I have looked at other posts but was unable to find anything that gave me tips. I changed my loss function (from sparse_categorical_crossentropy to binary_crossentropy). But none of these changed the values.
import numpy as np # linear algebra
import pandas as pd # data processing, CSV file I/O (e.g. pd.read_csv)
import os
import tensorflow as tf
from tensorflow import keras
import numpy as np
import cv2
import pandas as pd
from random import shuffle
IMG_SIZE = 50
data_path = "../input/brain_tumor_dataset"
data = []
folders = os.listdir(data_path)
for folder in folders:
for file in os.listdir(os.path.join(data_path, folder)):
if file.endswith("jpg") or file.endswith("jpeg") or file.endswith("png") or file.endswith("JPG"):
data.append(os.path.join(data_path, folder, file))
shuffle(data)
images = []
labels = []
for file in data:
img = cv2.imread(file)
img = cv2.resize(img, (IMG_SIZE, IMG_SIZE))
images.append(img)
if "Y" in file:
labels.append(1)
else:
labels.append(0)
union_list = list(zip(images, labels))
shuffle(union_list)
images, labels = zip(*union_list)
images = np.array(images)
labels = np.array(labels)
train_img = images[:200]
train_lbl = labels[:200]
val_img = images[200:]
val_lbl = labels[200:]
train_img = np.array(train_img)
val_img = np.array(val_img)
train_img = train_img.astype("float32") / 255.0
val_img = val_img.astype("float32") / 255.0
model = keras.Sequential([
tf.keras.layers.Conv2D(32, (3, 3), padding='same', activation=tf.nn.relu, input_shape=(IMG_SIZE, IMG_SIZE, 3)),
tf.keras.layers.MaxPooling2D((2,2), strides=2),
tf.keras.layers.Conv2D(64, (3, 3), padding='same', activation=tf.nn.relu),
tf.keras.layers.MaxPooling2D((2,2), strides=2),
tf.keras.layers.Dropout(0.8),
tf.keras.layers.Flatten(),
tf.keras.layers.Dense(128, activation=tf.nn.relu),
tf.keras.layers.Dense(1, activation=tf.nn.sigmoid)
])
model.compile(optimizer='adam', loss='binary_crossentropy', metrics=['accuracy'])

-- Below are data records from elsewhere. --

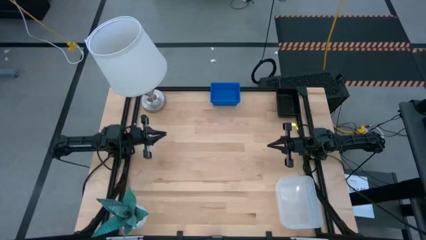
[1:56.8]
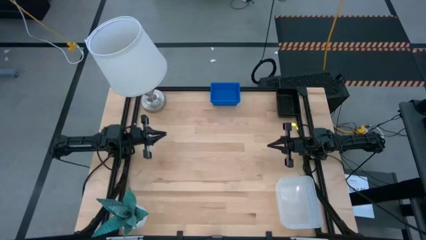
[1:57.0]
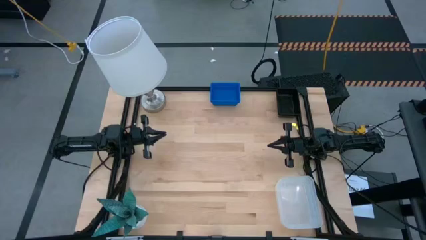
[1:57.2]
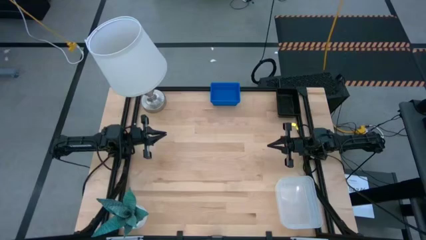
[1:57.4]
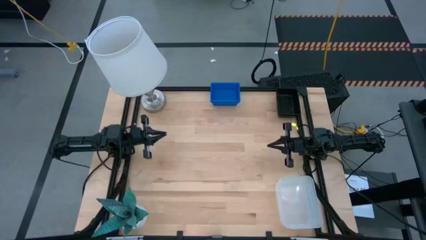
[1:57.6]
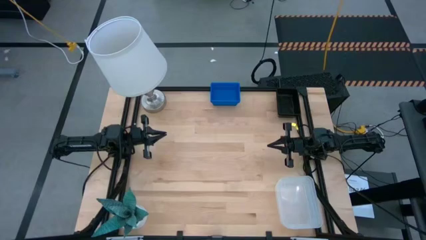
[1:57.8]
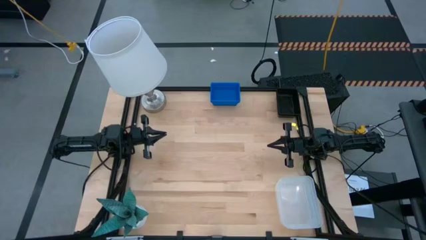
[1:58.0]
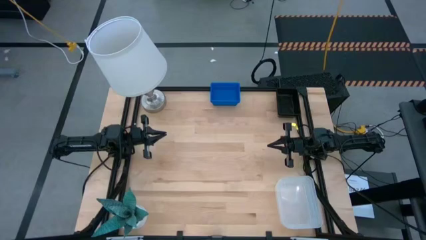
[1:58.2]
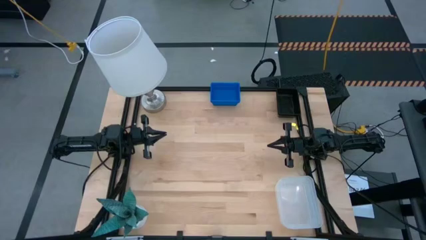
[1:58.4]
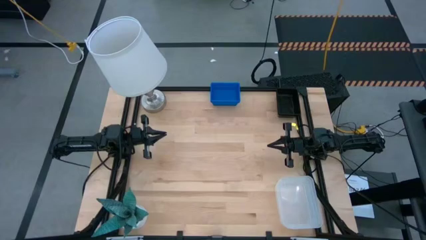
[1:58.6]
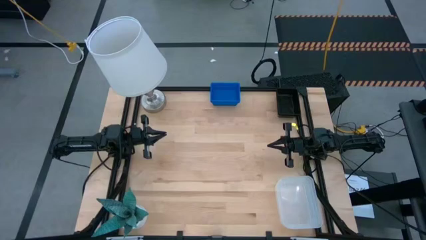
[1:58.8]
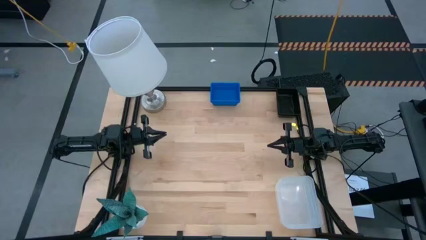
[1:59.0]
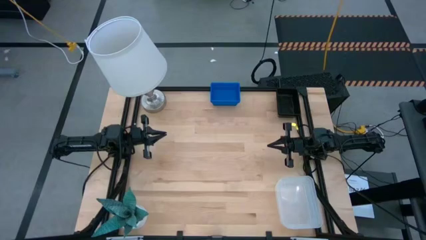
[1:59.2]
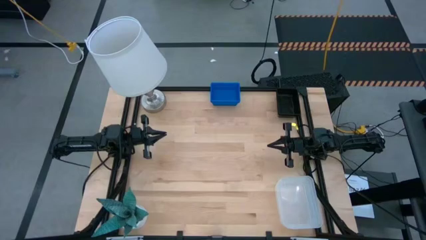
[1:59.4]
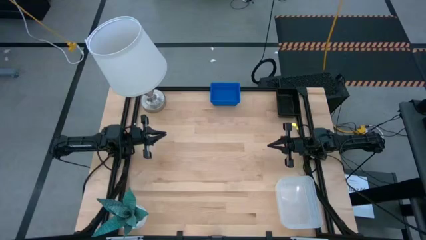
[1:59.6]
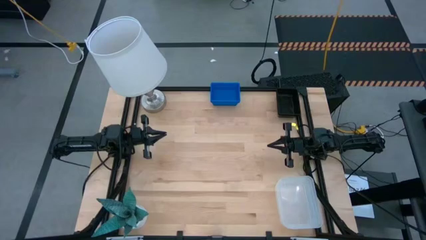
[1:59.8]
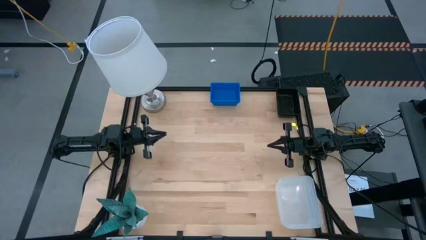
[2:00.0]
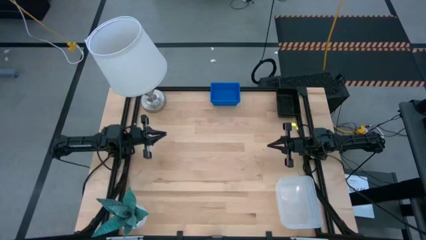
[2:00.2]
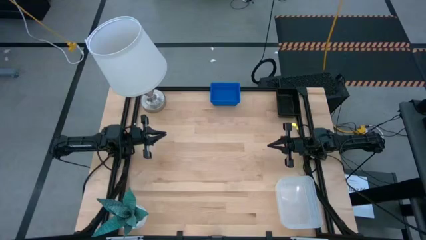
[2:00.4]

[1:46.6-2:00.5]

history = model.fit(train_img, train_lbl, epochs = 100, validation_data=(val_img, val_lbl))
This should give a result with increasing accuracy, and decreasing loss, but the loss is nan, and the accuracy is flatlined.
I managed to solve the problem. I looked at my code again and realized that my output layer only had one node. However, it needed to output the probabilities for two different categories ('yes' or 'no' for whether it is a tumour or not). Once I changed it to 2 nodes, the network began working properly and reached 95% accuracy on both the training and validation sets.
My validation accuracy still fluctuates a little between a few values, but this is most likely because I only have 23 images in the validation set. In order to decrease the fluctuations, however, I also decreased the epoch number to just 10. Everything seems to be great now.
It's likely the cause of the flatlining accuracy is the NaN loss. I'd try to figure out at what point in the computation the loss is becoming NaN (in inference? in the optimiser? in the loss calculation?). This post details some methods for outputting these intermediate values.